Mas na obra, Federici não se limita em perfilar uma longa sequência de injustiças, dedicando igual atenção ao extenso histórico de revoltas que marcou o fim da era feudal. Para a autora,
O capitalismo foi uma resposta dos senhores feudais, dos mercadores patrícios, dos bispos e dos papas a um conflito social centenário que chegou a fazer tremer seu poder e que realmente produziu “uma grande sacudida mundial”. O capitalismo foi a contrarrevolução que destruiu as possibilidades que haviam emergido da luta antifeudal — possibilidades que, se tivessem sido realizadas, teriam evitado a imensa destruição de vidas e de espaço natural que marcou o avanço das relações capitalistas no mundo.[1]
A transição pacífica rumo ao capitalismo é, portanto, uma fábula convencionada, omitindo a intensidade e potencial subversivo dessa grande sacudida. Essa mesma omissão foi perpetuada pelo cinema, um dos grandes vetores do nosso imaginário histórico. Há, certamente, filmes sobre a luta contra a tirania ambientados no mesmo período abrangido por Federici. Essas histórias costumam assumir, contudo, tons vagos e moderados, esquivando-se de aproximações desconfortáveis entre os carrascos de então e seus herdeiros contemporâneos. Basta lembrar que o protagonista preferencial desse tipo de enredo é o nobre renegado que enfrenta os usurpadores da autoridade legítima: nessas tramas, o problema da ordem constituída é sempre seu desvirtuamento, nunca sua fundamentação. Enquanto consumimos revisões periódicas do mito de Robin Hood, histórias como a Rebelião de Kett (encabeçada por um servo) ou a insurgência de “37 mulheres, lideradas por uma tal Capitã Dorothy”[2] (ambas contra os cercamentos na Inglaterra), seguem na obscuridade, a exemplo de dezenas de outros casos elencados ao longo de Calibã e a Bruxa.
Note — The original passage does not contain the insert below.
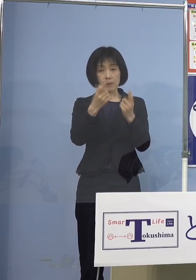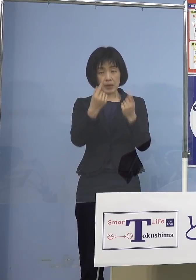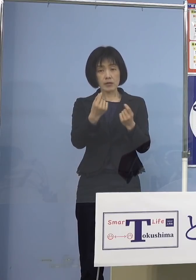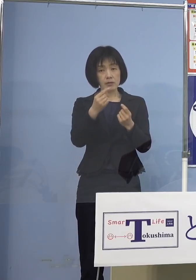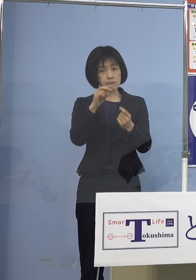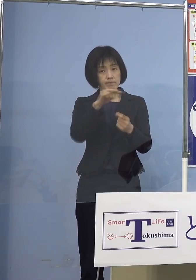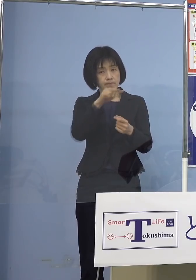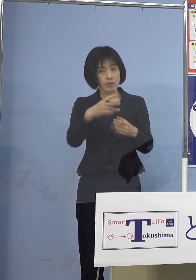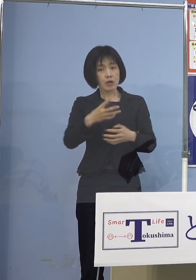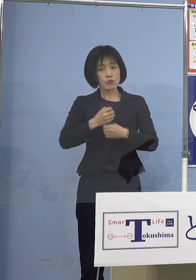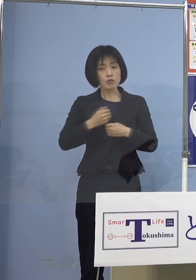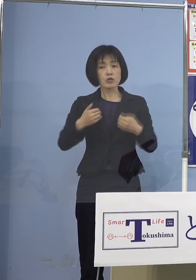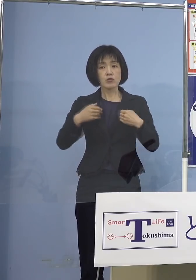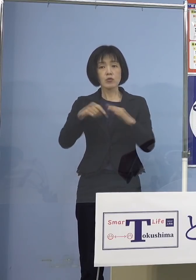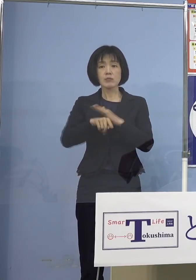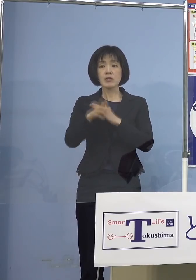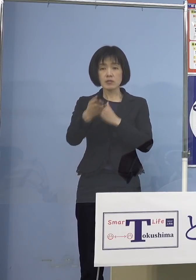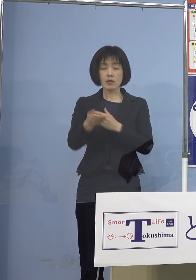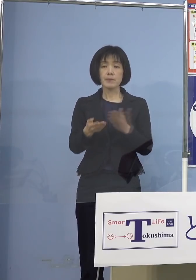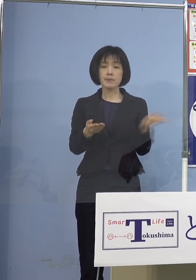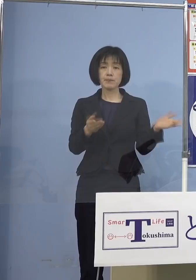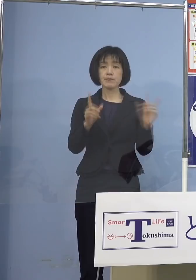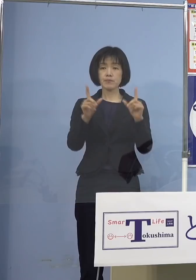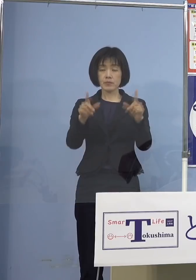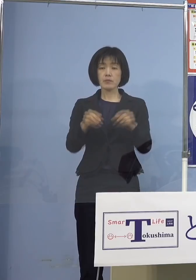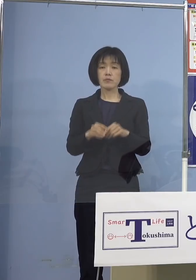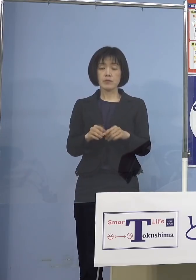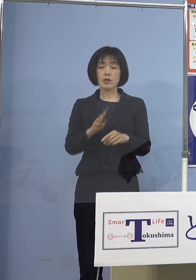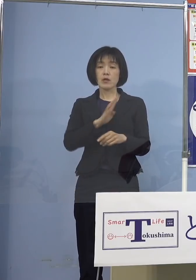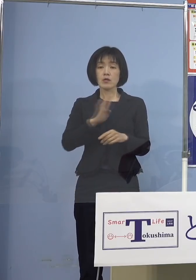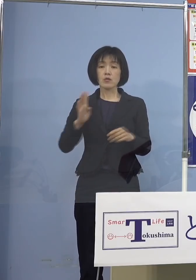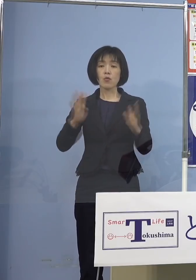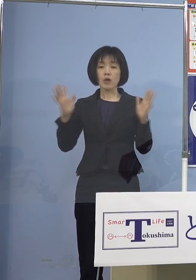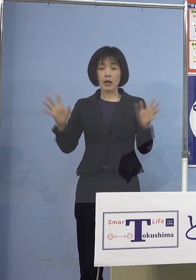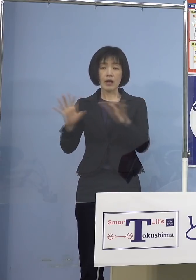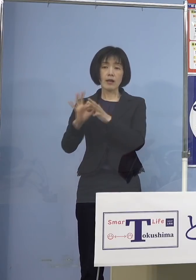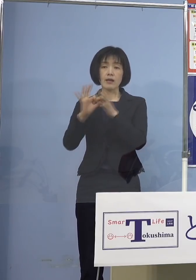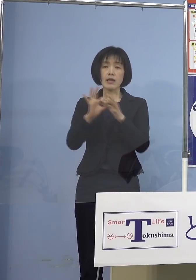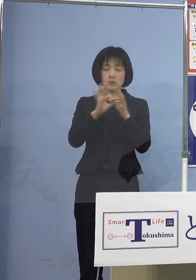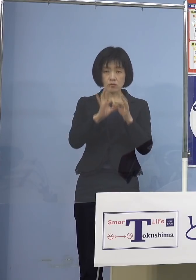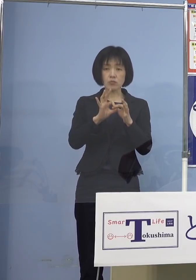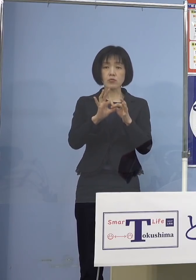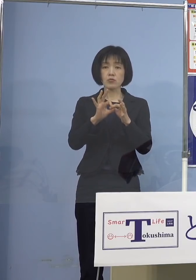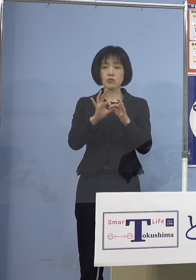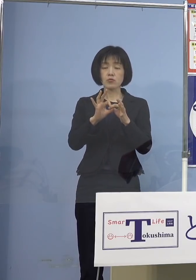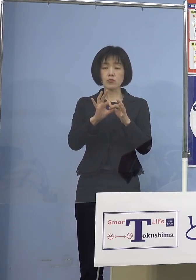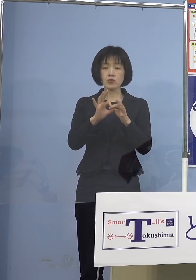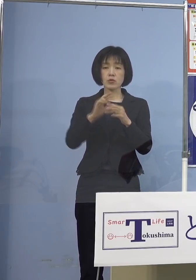「この（とくしま）アラート」 を どうしていくのか 今、4日連続でしかも重症者 ゼロということでありますから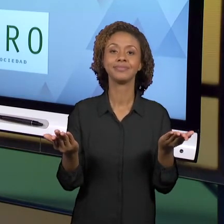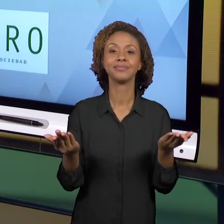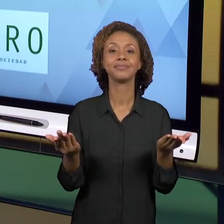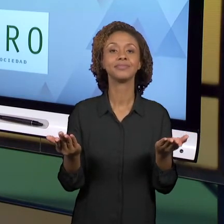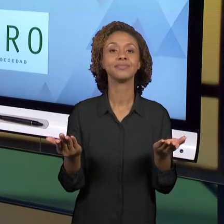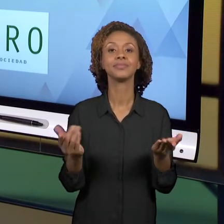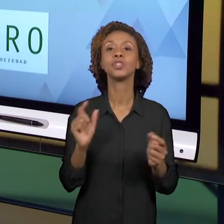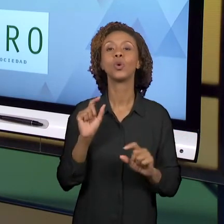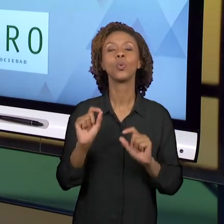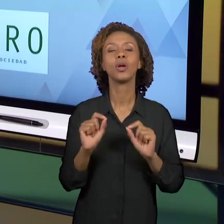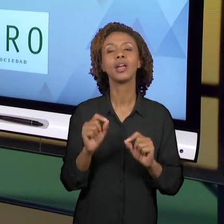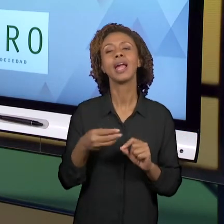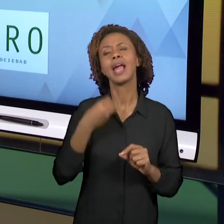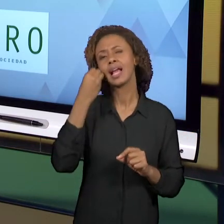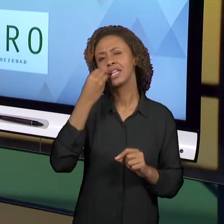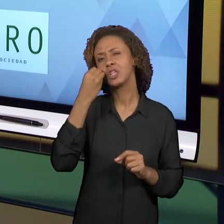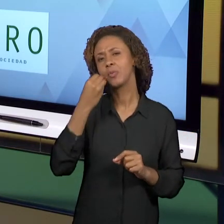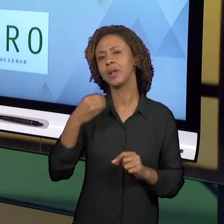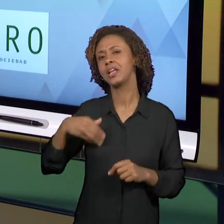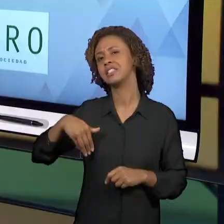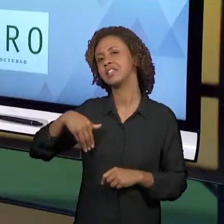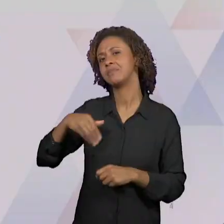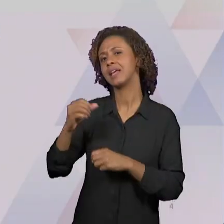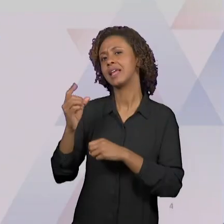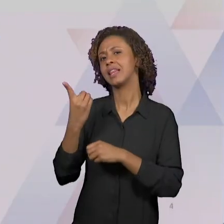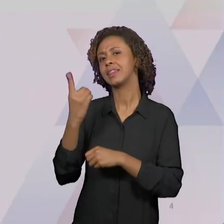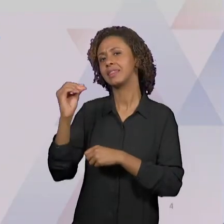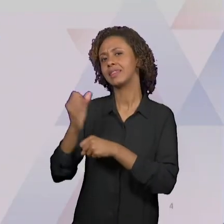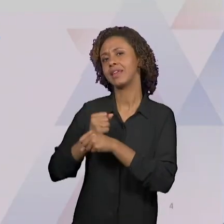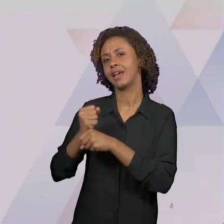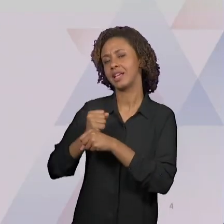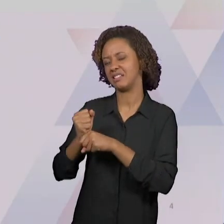MAIS DE 10 ANOS CHAMADO 'GEOFORO'. É UM FÓRUM

Para além dessa lacuna, também poderíamos questionar a aptidão de um roteiro clássico (centrado em heróis e heroínas individualizados) para representar esse histórico de insurgências coletivas. Essa questão já havia sido levantada por cineastas do bloco soviético, que tentaram retratar a multidão como protagonista da História (como por exemplo, Miklós Jancsó em Salmo Vermelho, de 1972). Mas, salvo exceções, a massa indiferenciada costuma ocupar uma posição bastante diversa na caracterização cinematográfica, onde a contraposição entre personagens principais e uma multidão ameaçadora é uma constante desde, pelo menos, O Nascimento de uma Nação. E, assim como no filme de Griffith, essa distinção orienta-se frequentemente por coordenadas raciais: os nativos da América, África e Ásia como obstáculos para a “missão civilizatória” dos europeus e seus descendentes, reproduzindo nas telas uma retórica mobilizada a cada novo projeto de expansão territorial-econômica. O clichê presta-se igualmente a criminosos, terroristas, exércitos inimigos ou qualquer outro grupo apresentado de forma homogênea e sub-humana.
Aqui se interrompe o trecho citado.